To further characterize the subadditive interactions between kainate- and NMDA-induced current, we applied 1200 ms duration pulses of different concentrations of kainate (range 0–1200 μM) and generated a dose-response curve (Fig. 2A and B). In the middle 400 ms of each kainate pulse we applied a pulse of 100 μM NMDA. The amplitude of NMDA-induced current (INMDA) decreased significantly with concentrations of kainate at 40 μM or higher (Fig. 2A and C), indicating that kainate dose-dependently inhibits NMDAR activation.

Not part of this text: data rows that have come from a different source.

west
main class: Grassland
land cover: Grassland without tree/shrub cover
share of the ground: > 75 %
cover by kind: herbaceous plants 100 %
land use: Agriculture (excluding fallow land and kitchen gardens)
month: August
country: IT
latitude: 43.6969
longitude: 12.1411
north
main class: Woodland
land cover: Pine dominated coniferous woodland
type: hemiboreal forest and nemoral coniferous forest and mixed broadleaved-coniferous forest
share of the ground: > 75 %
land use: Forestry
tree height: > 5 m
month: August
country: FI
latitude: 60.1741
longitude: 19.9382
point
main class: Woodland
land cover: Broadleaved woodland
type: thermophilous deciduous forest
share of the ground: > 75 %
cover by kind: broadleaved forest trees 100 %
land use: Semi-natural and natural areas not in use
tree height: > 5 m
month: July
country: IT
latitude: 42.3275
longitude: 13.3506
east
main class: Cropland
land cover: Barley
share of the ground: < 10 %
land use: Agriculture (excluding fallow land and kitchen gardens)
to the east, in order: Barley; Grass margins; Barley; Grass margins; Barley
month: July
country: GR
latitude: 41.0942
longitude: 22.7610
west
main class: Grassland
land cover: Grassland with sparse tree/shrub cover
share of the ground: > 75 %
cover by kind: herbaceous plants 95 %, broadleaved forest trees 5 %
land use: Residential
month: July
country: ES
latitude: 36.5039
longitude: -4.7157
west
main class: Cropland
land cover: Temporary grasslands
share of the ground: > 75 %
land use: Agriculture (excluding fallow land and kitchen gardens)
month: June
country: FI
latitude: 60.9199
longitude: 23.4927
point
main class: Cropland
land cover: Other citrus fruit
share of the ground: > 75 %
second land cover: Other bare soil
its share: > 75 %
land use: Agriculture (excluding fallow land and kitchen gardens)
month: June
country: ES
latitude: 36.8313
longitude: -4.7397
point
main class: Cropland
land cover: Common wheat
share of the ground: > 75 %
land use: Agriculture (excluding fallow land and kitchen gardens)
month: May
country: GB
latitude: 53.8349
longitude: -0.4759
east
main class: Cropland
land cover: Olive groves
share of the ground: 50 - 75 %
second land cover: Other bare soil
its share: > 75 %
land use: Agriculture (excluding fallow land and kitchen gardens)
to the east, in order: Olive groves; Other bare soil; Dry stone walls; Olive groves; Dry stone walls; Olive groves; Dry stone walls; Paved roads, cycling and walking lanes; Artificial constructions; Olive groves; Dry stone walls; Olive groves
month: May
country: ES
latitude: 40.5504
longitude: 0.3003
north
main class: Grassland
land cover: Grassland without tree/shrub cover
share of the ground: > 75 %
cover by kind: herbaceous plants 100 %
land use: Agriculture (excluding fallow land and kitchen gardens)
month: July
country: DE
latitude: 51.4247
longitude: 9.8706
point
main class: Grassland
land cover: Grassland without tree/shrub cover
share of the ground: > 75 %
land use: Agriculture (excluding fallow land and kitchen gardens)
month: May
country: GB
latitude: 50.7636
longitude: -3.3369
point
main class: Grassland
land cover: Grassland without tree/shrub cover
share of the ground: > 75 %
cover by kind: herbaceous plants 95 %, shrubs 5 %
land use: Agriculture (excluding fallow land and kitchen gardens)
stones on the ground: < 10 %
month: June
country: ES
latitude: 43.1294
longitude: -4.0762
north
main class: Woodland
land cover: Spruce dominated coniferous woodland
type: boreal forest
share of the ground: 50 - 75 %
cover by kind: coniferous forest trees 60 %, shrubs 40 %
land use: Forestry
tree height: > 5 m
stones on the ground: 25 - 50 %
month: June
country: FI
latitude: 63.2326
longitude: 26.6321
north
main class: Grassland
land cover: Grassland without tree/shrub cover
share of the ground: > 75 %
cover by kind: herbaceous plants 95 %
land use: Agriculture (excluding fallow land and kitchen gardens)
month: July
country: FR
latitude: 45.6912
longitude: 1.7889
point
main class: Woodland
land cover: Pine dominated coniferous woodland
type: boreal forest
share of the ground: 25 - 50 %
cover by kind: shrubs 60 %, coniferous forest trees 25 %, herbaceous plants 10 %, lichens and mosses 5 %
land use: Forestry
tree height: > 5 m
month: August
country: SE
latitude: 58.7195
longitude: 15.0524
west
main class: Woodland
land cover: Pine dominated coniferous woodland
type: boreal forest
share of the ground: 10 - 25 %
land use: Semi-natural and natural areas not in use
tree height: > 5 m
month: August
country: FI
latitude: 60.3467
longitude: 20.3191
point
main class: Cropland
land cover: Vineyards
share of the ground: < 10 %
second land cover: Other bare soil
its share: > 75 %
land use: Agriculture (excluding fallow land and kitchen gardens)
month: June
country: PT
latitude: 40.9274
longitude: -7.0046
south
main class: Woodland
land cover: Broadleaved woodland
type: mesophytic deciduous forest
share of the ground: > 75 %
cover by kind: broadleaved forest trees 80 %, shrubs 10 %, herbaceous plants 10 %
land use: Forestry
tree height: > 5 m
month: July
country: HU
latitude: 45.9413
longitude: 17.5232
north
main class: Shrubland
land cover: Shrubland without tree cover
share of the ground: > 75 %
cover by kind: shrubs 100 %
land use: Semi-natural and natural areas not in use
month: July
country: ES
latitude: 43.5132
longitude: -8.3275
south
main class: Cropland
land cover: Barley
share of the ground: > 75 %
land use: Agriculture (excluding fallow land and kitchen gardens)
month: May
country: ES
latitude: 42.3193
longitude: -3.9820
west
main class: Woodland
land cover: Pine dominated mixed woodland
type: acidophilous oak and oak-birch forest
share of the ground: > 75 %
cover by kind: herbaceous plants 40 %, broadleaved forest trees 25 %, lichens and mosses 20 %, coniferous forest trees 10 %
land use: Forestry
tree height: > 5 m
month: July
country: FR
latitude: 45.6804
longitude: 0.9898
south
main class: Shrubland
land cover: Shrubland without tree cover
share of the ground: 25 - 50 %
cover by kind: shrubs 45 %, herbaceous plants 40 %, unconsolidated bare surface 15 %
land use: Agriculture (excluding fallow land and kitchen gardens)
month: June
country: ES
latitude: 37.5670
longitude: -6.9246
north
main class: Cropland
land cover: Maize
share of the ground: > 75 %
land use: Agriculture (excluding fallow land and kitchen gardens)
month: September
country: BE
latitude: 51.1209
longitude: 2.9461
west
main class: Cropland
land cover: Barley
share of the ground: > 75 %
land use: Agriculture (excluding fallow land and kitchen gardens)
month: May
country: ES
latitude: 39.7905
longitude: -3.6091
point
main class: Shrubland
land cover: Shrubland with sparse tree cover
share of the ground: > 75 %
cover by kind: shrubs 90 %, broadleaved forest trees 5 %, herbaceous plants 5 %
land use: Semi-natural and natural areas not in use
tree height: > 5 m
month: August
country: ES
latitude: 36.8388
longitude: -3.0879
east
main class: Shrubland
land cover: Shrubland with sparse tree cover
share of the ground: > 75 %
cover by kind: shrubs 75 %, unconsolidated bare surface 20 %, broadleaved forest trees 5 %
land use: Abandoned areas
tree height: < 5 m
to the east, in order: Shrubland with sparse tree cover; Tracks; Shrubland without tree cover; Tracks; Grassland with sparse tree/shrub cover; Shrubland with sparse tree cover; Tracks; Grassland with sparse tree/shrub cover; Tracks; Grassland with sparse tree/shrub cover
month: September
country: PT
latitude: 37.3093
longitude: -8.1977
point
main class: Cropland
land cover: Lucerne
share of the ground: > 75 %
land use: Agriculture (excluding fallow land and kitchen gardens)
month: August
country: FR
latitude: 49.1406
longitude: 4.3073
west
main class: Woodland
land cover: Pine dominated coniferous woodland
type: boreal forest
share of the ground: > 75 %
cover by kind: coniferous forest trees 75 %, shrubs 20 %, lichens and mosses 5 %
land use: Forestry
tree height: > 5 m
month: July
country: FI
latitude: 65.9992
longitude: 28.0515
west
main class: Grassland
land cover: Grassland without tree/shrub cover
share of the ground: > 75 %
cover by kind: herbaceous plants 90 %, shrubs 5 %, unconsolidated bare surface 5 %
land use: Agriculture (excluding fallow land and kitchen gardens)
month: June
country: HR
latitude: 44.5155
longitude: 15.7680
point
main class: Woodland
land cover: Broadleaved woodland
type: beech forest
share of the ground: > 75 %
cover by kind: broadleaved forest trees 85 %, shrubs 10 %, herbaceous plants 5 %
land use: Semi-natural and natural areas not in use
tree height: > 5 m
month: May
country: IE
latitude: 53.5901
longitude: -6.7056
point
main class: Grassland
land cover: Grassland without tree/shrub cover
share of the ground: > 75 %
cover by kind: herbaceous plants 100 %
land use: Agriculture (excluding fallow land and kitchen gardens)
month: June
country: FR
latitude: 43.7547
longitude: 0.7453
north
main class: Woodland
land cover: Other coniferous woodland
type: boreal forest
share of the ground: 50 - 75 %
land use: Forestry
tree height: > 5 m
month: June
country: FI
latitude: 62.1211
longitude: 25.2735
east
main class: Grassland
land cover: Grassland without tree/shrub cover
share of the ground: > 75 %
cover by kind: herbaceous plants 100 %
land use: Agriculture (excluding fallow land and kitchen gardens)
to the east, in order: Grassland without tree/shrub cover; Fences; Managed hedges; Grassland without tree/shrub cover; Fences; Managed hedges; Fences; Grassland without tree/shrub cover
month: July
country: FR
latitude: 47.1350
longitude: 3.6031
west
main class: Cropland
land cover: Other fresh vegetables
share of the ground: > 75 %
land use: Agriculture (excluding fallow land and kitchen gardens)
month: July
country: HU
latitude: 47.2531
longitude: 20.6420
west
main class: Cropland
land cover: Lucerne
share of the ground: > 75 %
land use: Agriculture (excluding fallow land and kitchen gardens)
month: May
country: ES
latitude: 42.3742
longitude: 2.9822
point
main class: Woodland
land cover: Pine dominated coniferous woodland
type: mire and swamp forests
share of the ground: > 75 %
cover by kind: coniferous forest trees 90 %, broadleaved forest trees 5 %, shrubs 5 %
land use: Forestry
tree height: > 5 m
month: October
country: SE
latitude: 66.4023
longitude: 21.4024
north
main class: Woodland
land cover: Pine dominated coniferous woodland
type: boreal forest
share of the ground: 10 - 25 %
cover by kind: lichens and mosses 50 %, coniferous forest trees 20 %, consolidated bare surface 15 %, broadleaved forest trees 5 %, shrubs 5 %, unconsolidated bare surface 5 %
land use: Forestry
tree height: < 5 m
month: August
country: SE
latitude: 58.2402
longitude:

Kainate may inhibit NMDARs through its direct action on NMDARs: for example, to compete at the glutamate- and glycine-binding site of the NMDARs and shift the NMDA dose-response curve to the right. In additional experiments we tested this possibility by studying the NMDA dose- response curves in control conditions and in the presence of kainate (200 μM, Fig. 2D and E). In the presence of kainate the maximum amplitude of NMDA current was reduced from 1.66 ± 0.37 nA to 0.89 ± 0.15 nA (n = 5, P = 0.038, Fig. 2E). However, there was no right shift in the NMDA dose-response curve and the estimated EC50 for the control (61 ± 5 μM) was not increased in the presence of kainate (47 ± 7 μM, n = 5, P = 0.18). It is unlikely that kainate inhibits NMDA-induced current by competing on the glutamate- and/or glycine-binding site of the NMDA receptors. We have also studied the possibility that NMDA competes at the glutamate-binding site of AMPARs to cause the observed inhibition. We determined the dose-response curve for kainate in control conditions and in the presence of NMDA (100 μM, data not shown). The kainate EC50 in control conditions (209 ± 12 μM) was not different from that obtained in the presence of NMDA (215 ± 14 μM, n = 6, P = 0.68 with Student's paired t test), indicating NMDA is not directly competing with kainate on AMPARs.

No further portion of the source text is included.